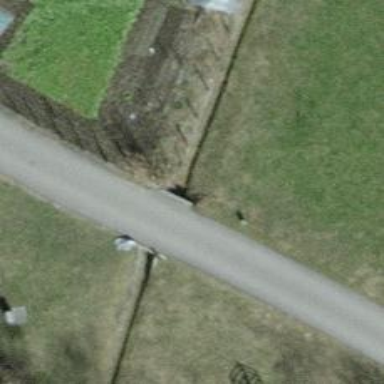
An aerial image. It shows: Culvert tunnel.
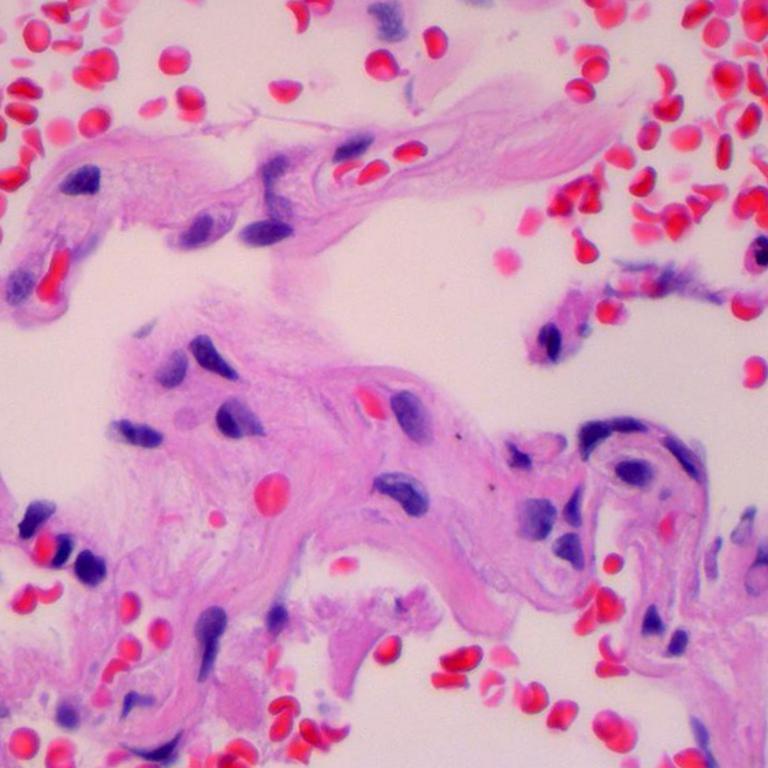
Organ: lung
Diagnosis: benign
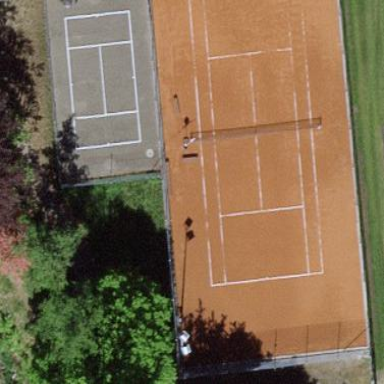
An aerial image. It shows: Tennis court in leisure pitch.
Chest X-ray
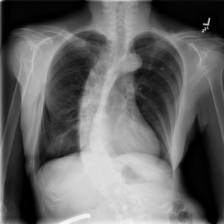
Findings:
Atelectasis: negative
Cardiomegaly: negative
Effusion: negative
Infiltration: negative
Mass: negative
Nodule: positive
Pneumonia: negative
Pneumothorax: negative
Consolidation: negative
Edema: negative
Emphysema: negative
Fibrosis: negative
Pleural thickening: negative
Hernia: negative
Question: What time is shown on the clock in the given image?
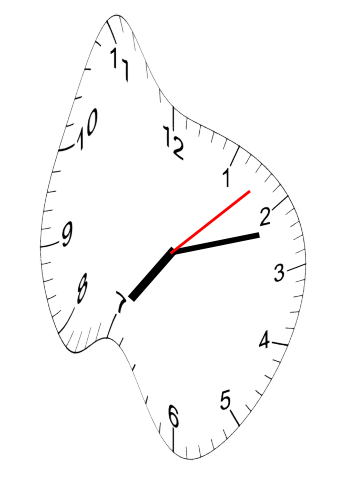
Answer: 07:12:08
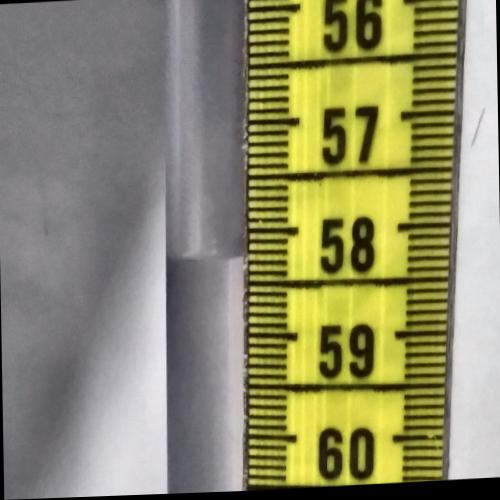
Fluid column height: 58.2 cm
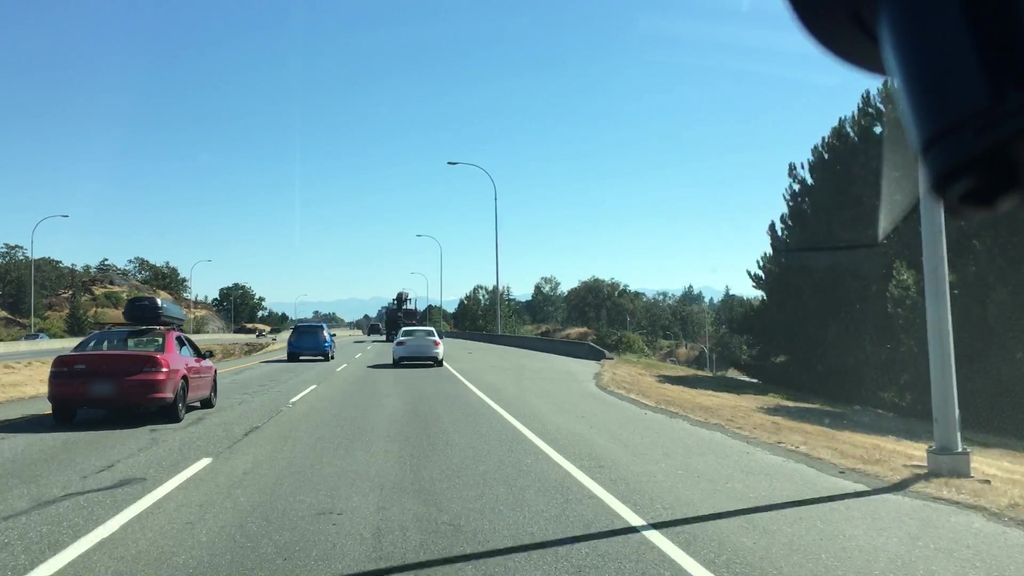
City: victoria
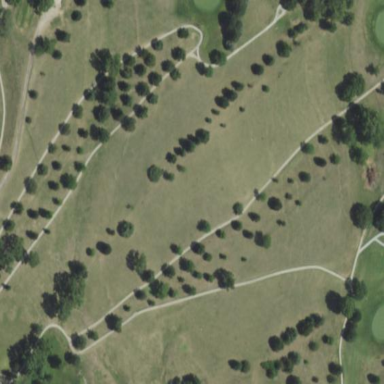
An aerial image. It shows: Golf course surrounded by greenery.
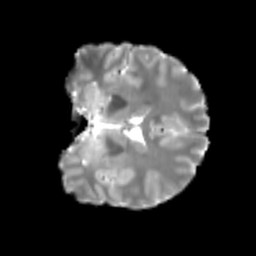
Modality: T2w
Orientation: coronal
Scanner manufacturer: siemens
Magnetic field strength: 3 T
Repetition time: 4 s
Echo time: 0.0594 s
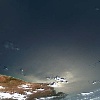
Label: water
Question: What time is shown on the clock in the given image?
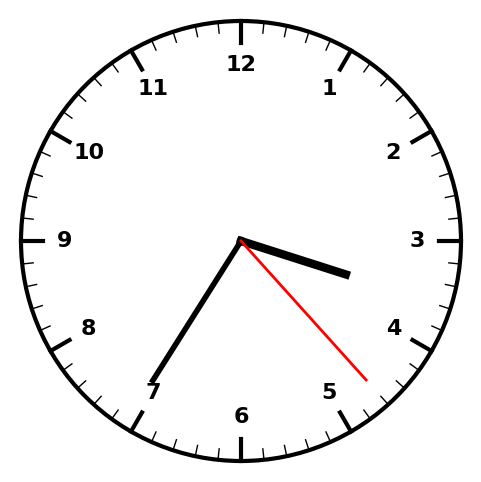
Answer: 03:35:23

=======

* [Task description]:
From the entries above, extract each line containing "aerial".

* [Response for this exercise]:
An aerial image. It shows: Culvert tunnel.
An aerial image. It shows: Tennis court in leisure pitch.
An aerial image. It shows: Golf course surrounded by greenery.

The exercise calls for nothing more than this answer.